Custom Penalty Functions

Instead of constant penalty \(d\):

def adaptive_penalty(M, n_interactions):
    """Penalty that increases with interactions."""
    base_penalty = 3.0
    interaction_penalty = 0.5 * n_interactions
    return base_penalty + interaction_penalty

Advanced: Fine-Tuning the Algorithm

Modifying Knot Density

Change how many knots are tested:

# Default: test all unique sorted values
# Custom: test every k-th value

def sparse_knot_candidates(X_j, k=5):
    """Test every k-th unique value."""
    unique_vals = np.unique(X_j)
    return unique_vals[::k]

Interaction Constraints

Add domain-specific constraints:

class ConstrainedMARS(MARS):
    """MARS with interaction constraints."""

    def _find_best_split(self, basis, y):
        """Override to add constraints."""

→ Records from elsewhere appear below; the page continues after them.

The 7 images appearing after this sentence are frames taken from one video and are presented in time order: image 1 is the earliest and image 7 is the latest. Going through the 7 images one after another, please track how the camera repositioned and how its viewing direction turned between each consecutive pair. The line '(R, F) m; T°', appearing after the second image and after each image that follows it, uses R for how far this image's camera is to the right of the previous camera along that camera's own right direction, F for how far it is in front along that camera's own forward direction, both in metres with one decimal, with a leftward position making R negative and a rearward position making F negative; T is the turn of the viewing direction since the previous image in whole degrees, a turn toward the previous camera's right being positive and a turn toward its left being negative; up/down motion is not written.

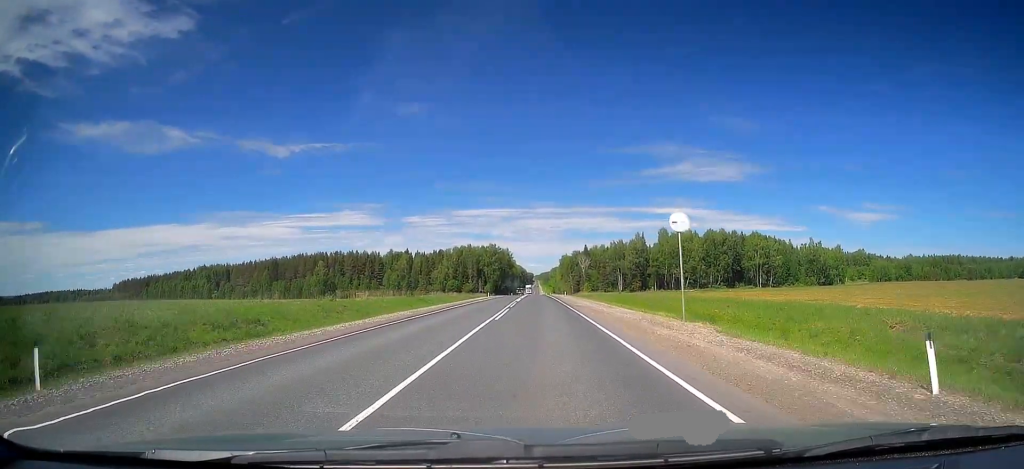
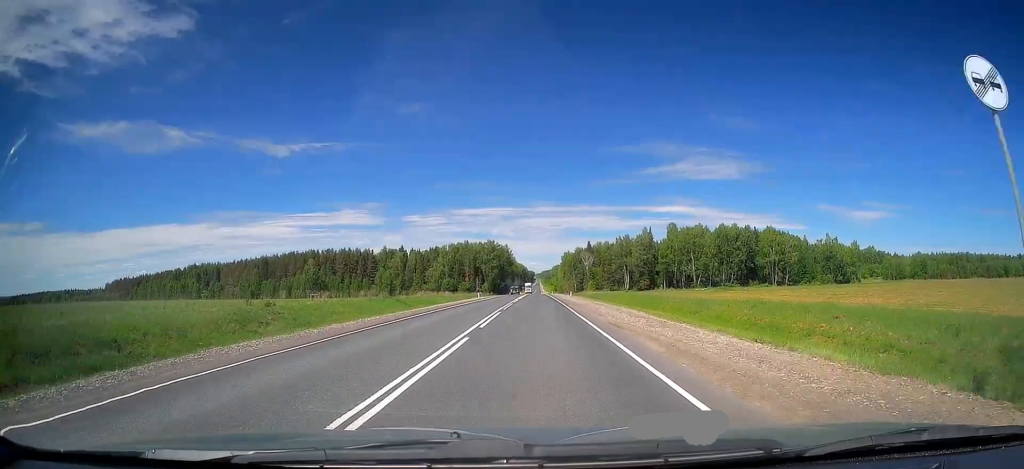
(+0.1, +14.5) m; 0°
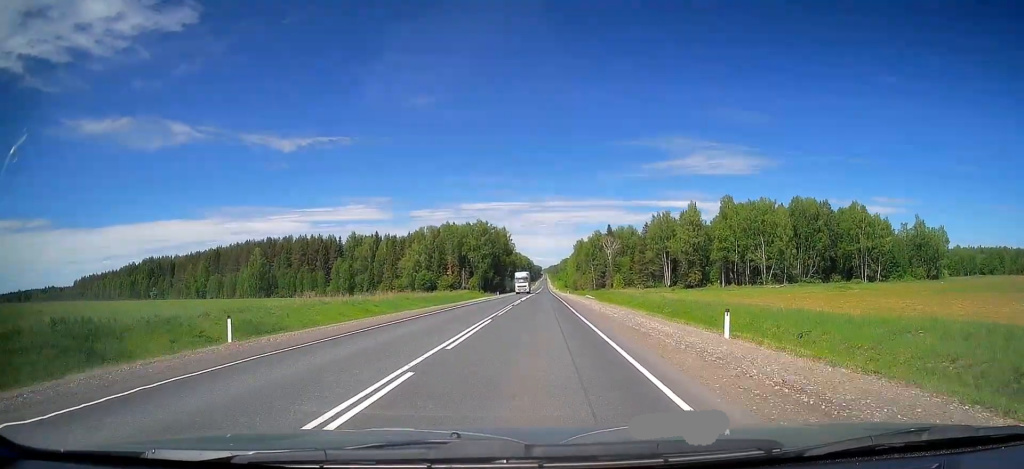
(-0.4, +62.3) m; -1°
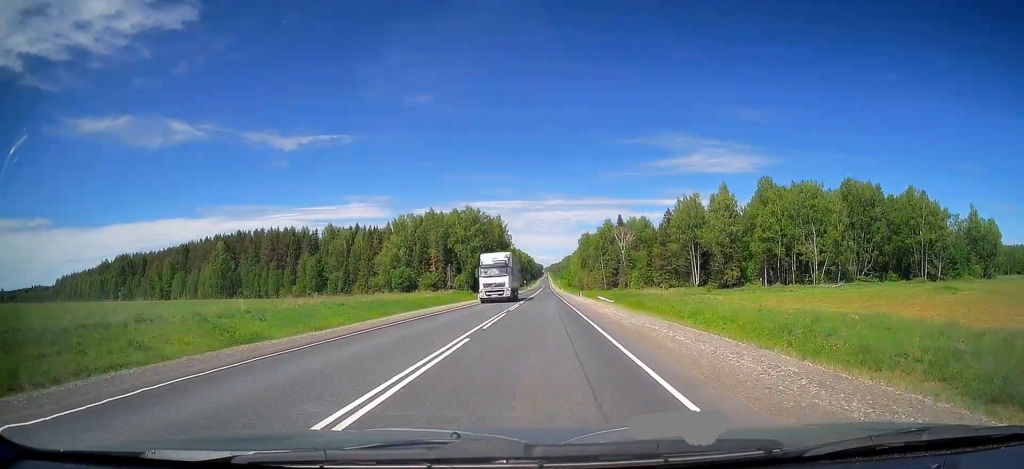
(-0.2, +30.2) m; 0°
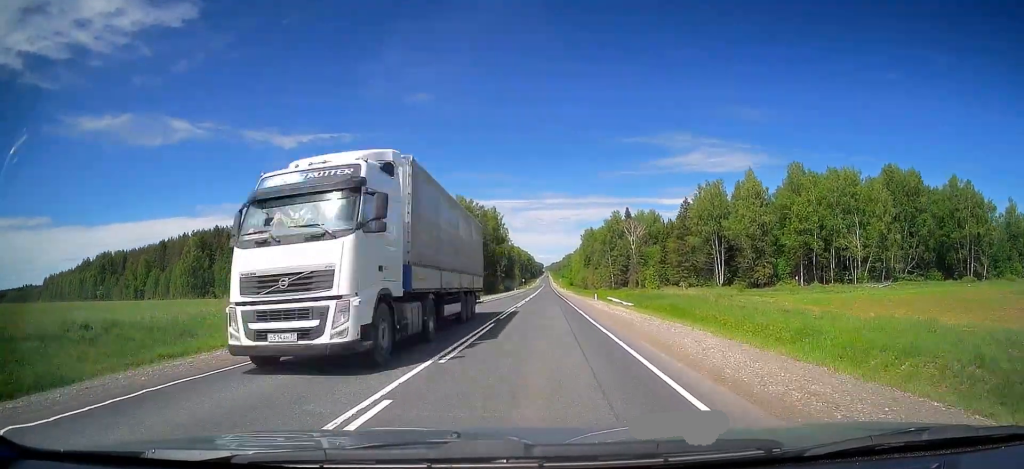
(0.0, +18.8) m; 0°
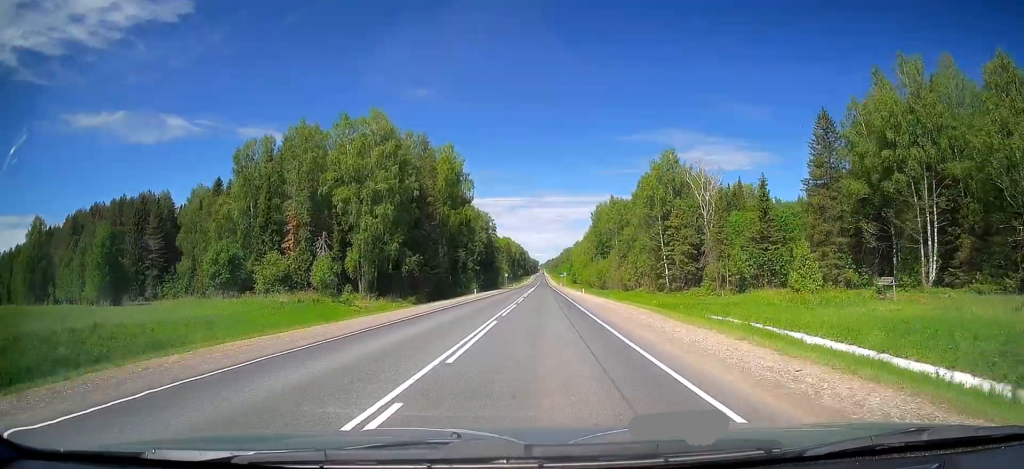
(+0.1, +71.4) m; 0°
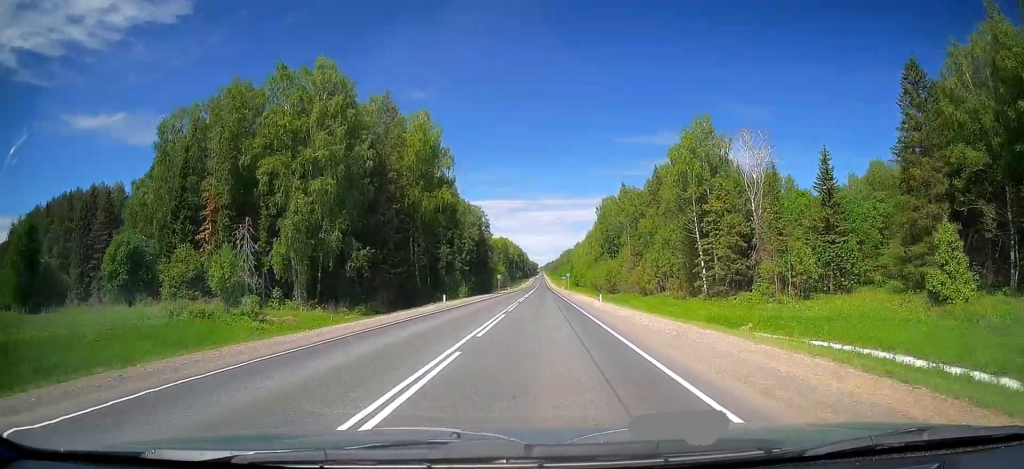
(+0.2, +19.6) m; 0°
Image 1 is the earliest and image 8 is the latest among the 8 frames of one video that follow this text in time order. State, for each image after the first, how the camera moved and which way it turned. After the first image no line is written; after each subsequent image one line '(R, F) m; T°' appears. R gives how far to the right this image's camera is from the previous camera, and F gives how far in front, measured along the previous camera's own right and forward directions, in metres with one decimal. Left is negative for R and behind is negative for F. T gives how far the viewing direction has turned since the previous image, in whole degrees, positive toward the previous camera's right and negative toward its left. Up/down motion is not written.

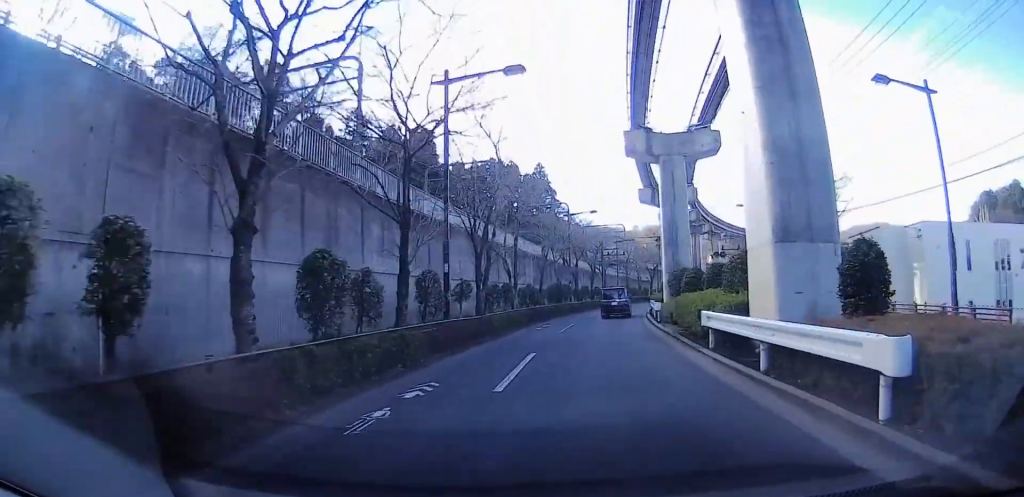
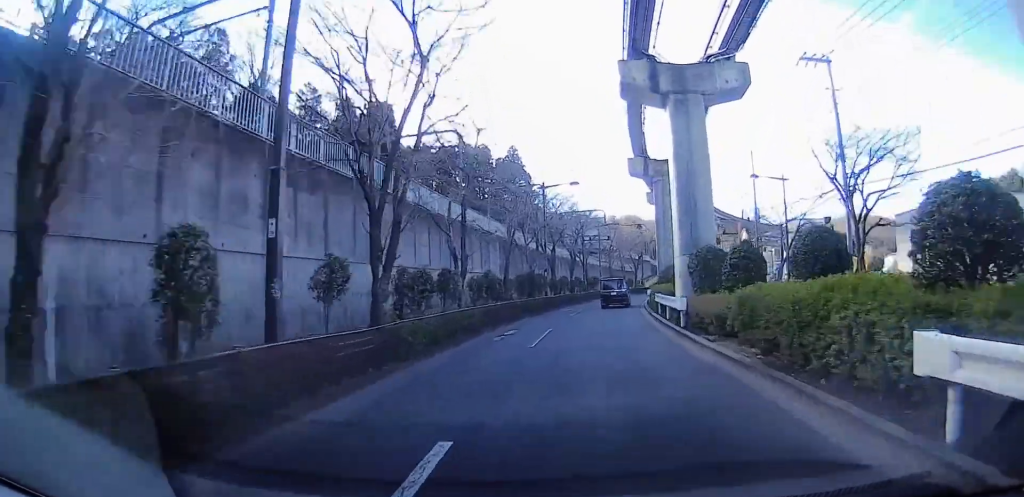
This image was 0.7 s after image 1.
(0.0, +8.9) m; 0°
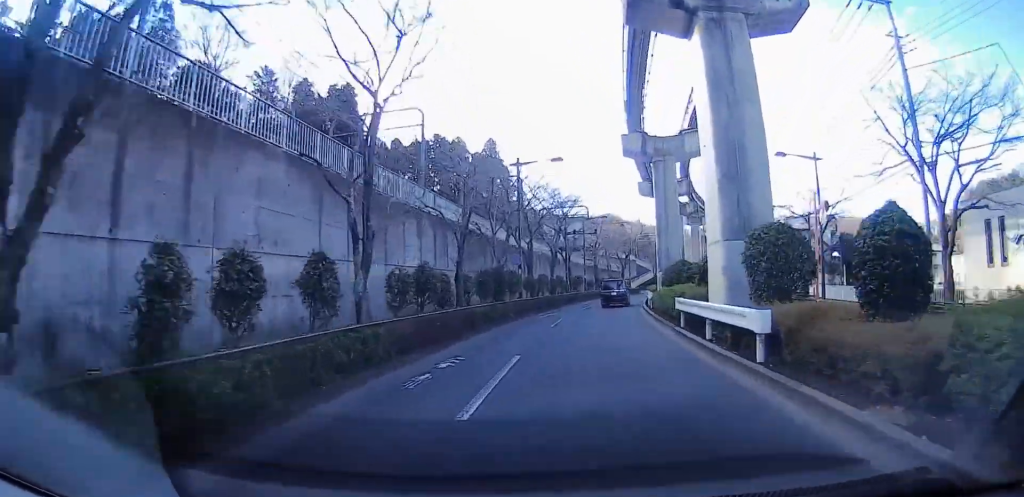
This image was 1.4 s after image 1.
(0.0, +8.1) m; 0°
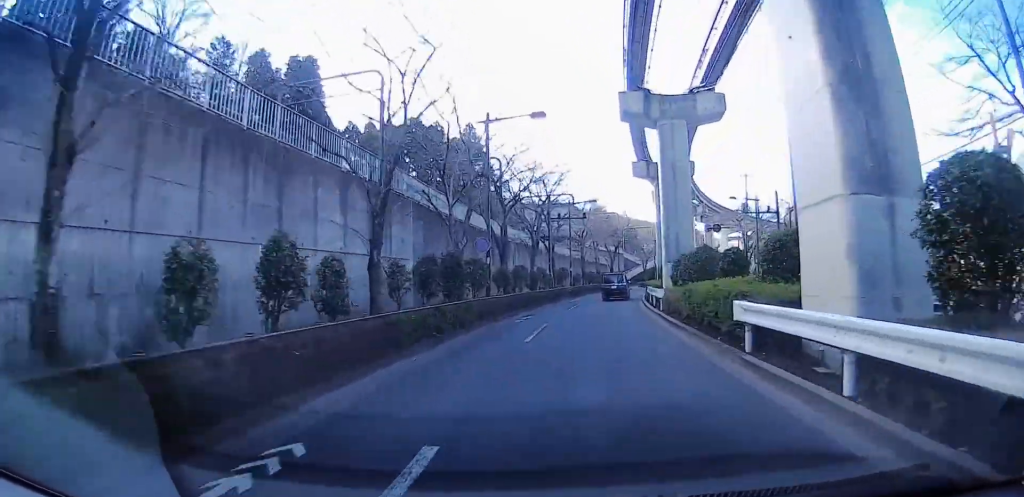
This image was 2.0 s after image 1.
(0.0, +7.2) m; 0°
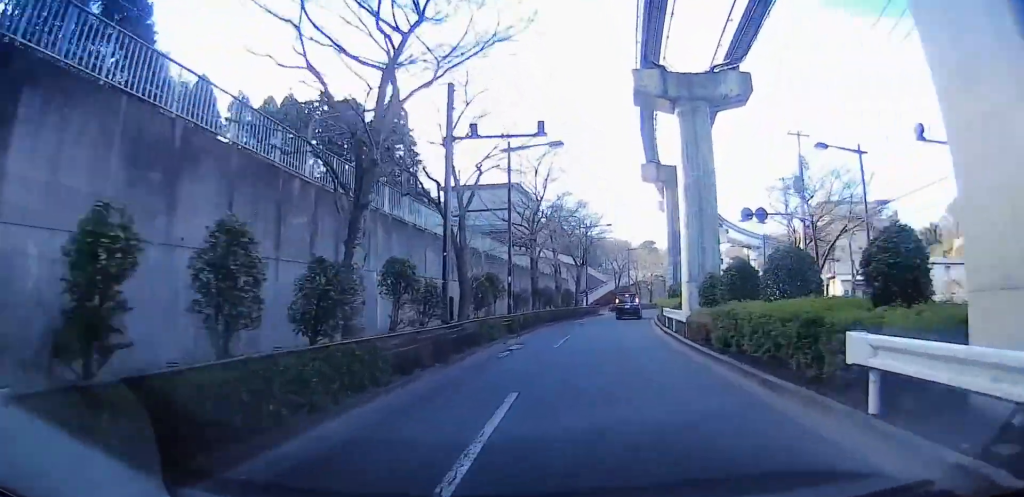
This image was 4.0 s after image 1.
(0.0, +24.7) m; 0°
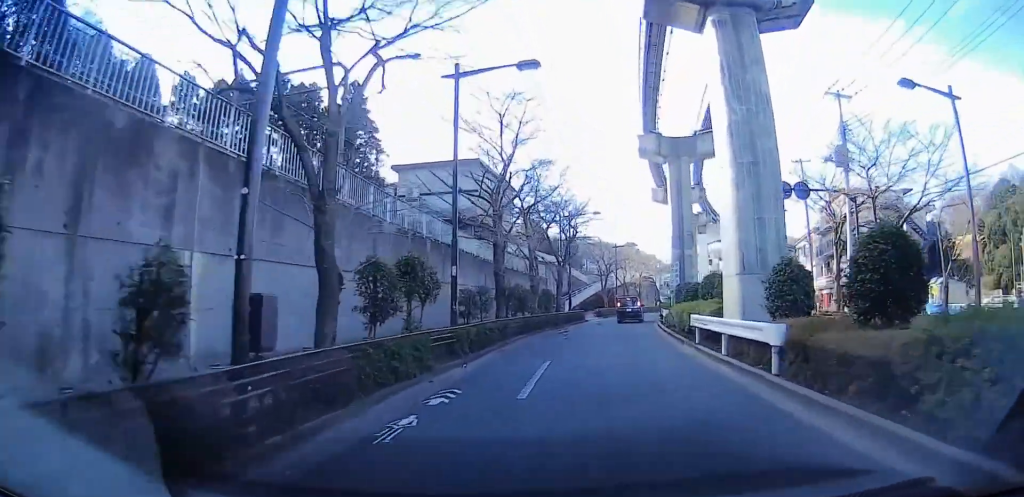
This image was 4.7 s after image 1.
(0.0, +9.5) m; 0°
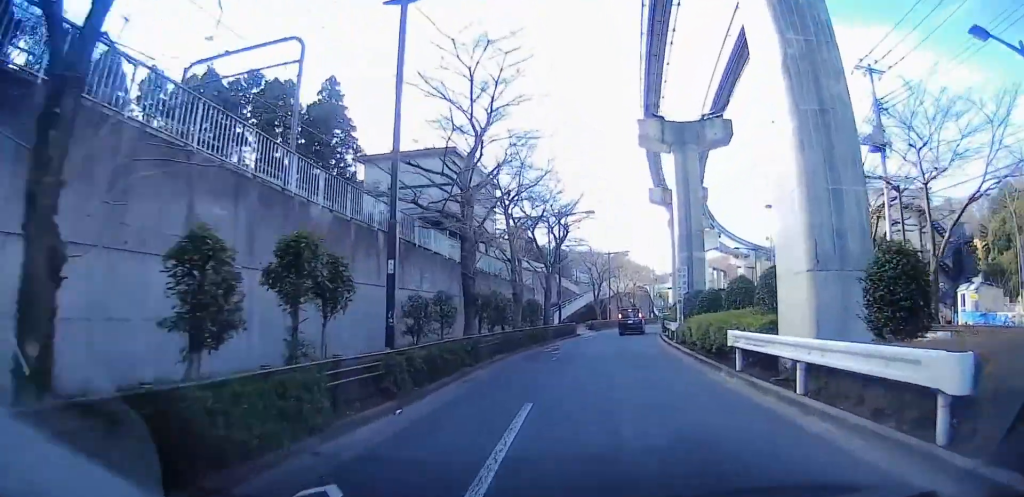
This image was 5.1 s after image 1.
(0.0, +5.2) m; 0°
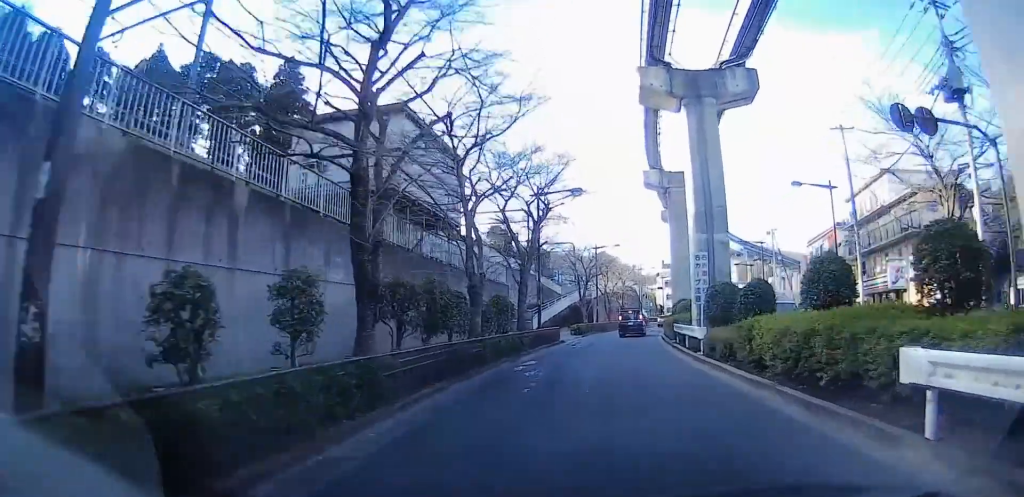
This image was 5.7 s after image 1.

        # ... standard search ...

        # Check constraint before adding
        if self._is_valid_interaction(basis, new_hinge):
            # Keep candidate
            pass

Algorithm Variants

Boosting MARS

Stack multiple MARS models on residuals:

def boost_mars(X, y, n_boosters=5, learning_rate=0.1):
    """Boosted MARS ensemble."""

    residuals = y.copy()
    models = []

    for i in range(n_boosters):
        model = MARS(max_terms=10)
        model.fit(X, residuals)

        pred = model.predict(X)
        residuals = residuals - learning_rate * pred

        models.append(model)

    return models

def predict_boosted(models, X, learning_rate=0.1):
    """Predict with boosted ensemble."""

    y_pred = np.zeros(len(X))
    for model in models:
        y_pred += learning_rate * model.predict(X)

    return y_pred

Sparse MARS

Force sparsity via L1 penalty:

# Not built-in; requires modifying least squares
# Use Elastic Net instead of OLS:

from sklearn.linear_model import ElasticNet

def solve_sparse(B, y, alpha=0.1, l1_ratio=0.5):
    """Solve with L1 + L2 penalty."""

    en = ElasticNet(alpha=alpha, l1_ratio=l1_ratio)
    en.fit(B, y)
    return en.coef_

Summary

Key Advanced Topics:

✅ Numerical stability via fallback chain
✅ Complexity analysis and optimization
✅ Memory-efficient computation
✅ Caching and parallelization strategies
✅ Debugging and profiling tools
✅ Extension points for customization
✅ Algorithm variants (boosting, sparse)

When to Use Advanced Features:

Large-scale datasets: Optimize memory and time
Custom applications: Extend with domain knowledge
Research: Implement algorithm variants
Production: Add robustness and monitoring